Using the records below, output the stretch that opens with the line containing "würde, wohl aber" and closes with the line containing "werden können.", exactly and including both lines, with nothing more.

[Records supplied Boundary: Start]

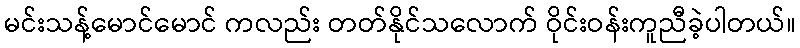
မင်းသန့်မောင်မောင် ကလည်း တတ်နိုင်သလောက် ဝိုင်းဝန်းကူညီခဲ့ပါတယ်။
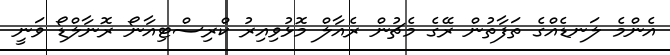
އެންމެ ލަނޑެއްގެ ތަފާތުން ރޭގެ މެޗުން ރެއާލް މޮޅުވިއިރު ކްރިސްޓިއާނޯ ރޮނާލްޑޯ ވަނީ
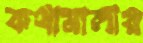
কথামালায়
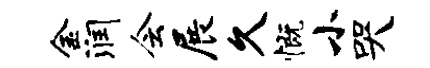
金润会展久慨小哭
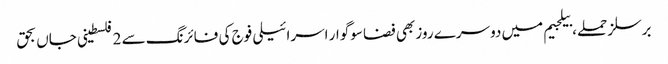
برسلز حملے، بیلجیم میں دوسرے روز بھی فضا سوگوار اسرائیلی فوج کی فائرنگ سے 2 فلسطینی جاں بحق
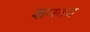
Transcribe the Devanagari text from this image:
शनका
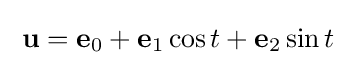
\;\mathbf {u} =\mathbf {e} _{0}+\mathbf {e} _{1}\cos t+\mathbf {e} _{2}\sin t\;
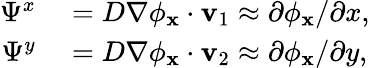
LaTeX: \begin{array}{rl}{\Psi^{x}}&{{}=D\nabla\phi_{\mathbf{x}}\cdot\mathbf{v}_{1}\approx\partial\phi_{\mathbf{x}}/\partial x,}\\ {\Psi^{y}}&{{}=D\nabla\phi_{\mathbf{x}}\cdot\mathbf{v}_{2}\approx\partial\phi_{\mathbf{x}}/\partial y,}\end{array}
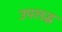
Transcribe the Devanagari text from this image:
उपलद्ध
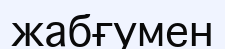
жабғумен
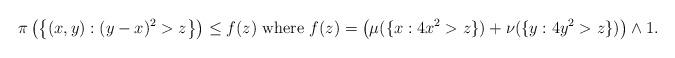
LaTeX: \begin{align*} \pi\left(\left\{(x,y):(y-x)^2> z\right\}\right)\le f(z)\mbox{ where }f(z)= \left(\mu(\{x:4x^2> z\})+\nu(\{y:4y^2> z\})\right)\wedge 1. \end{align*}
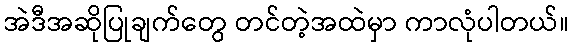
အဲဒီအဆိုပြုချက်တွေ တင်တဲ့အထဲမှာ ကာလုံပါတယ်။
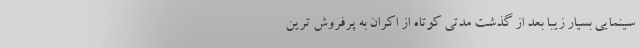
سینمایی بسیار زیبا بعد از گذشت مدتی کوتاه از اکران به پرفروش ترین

[Records supplied Boundary: End]
[Records supplied Boundary: Start]

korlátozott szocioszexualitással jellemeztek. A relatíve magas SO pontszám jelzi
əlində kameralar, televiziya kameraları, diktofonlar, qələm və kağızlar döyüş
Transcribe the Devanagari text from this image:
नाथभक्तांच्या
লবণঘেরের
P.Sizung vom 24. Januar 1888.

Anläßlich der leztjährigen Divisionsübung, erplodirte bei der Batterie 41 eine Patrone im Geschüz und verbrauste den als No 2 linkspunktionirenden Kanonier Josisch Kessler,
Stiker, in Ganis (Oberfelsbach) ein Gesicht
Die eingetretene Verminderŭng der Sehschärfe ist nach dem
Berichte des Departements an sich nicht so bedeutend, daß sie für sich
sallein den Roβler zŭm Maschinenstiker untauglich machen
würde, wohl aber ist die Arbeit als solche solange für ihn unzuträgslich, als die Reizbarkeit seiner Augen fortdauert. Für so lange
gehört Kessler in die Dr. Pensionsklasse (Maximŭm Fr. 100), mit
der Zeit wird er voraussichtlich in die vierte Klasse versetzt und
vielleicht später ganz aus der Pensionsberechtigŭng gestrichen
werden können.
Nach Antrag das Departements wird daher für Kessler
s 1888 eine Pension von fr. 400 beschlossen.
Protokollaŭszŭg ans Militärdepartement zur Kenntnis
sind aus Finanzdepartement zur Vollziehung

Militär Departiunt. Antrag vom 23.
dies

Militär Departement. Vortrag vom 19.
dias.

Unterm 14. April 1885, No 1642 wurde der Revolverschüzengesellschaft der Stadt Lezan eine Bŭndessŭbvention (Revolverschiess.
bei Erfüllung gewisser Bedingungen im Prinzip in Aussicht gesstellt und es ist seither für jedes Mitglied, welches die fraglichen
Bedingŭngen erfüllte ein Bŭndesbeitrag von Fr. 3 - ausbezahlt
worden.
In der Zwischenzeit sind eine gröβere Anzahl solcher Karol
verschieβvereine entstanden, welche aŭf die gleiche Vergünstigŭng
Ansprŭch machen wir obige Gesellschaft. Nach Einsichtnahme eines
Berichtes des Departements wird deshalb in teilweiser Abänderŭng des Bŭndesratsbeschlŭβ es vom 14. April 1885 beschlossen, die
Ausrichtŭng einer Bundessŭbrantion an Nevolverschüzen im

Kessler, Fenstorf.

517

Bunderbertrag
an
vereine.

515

[Records supplied Boundary: End]

### Exercise output
würde, wohl aber ist die Arbeit als solche solange für ihn unzuträgslich, als die Reizbarkeit seiner Augen fortdauert. Für so lange
gehört Kessler in die Dr. Pensionsklasse (Maximŭm Fr. 100), mit
der Zeit wird er voraussichtlich in die vierte Klasse versetzt und
vielleicht später ganz aus der Pensionsberechtigŭng gestrichen
werden können.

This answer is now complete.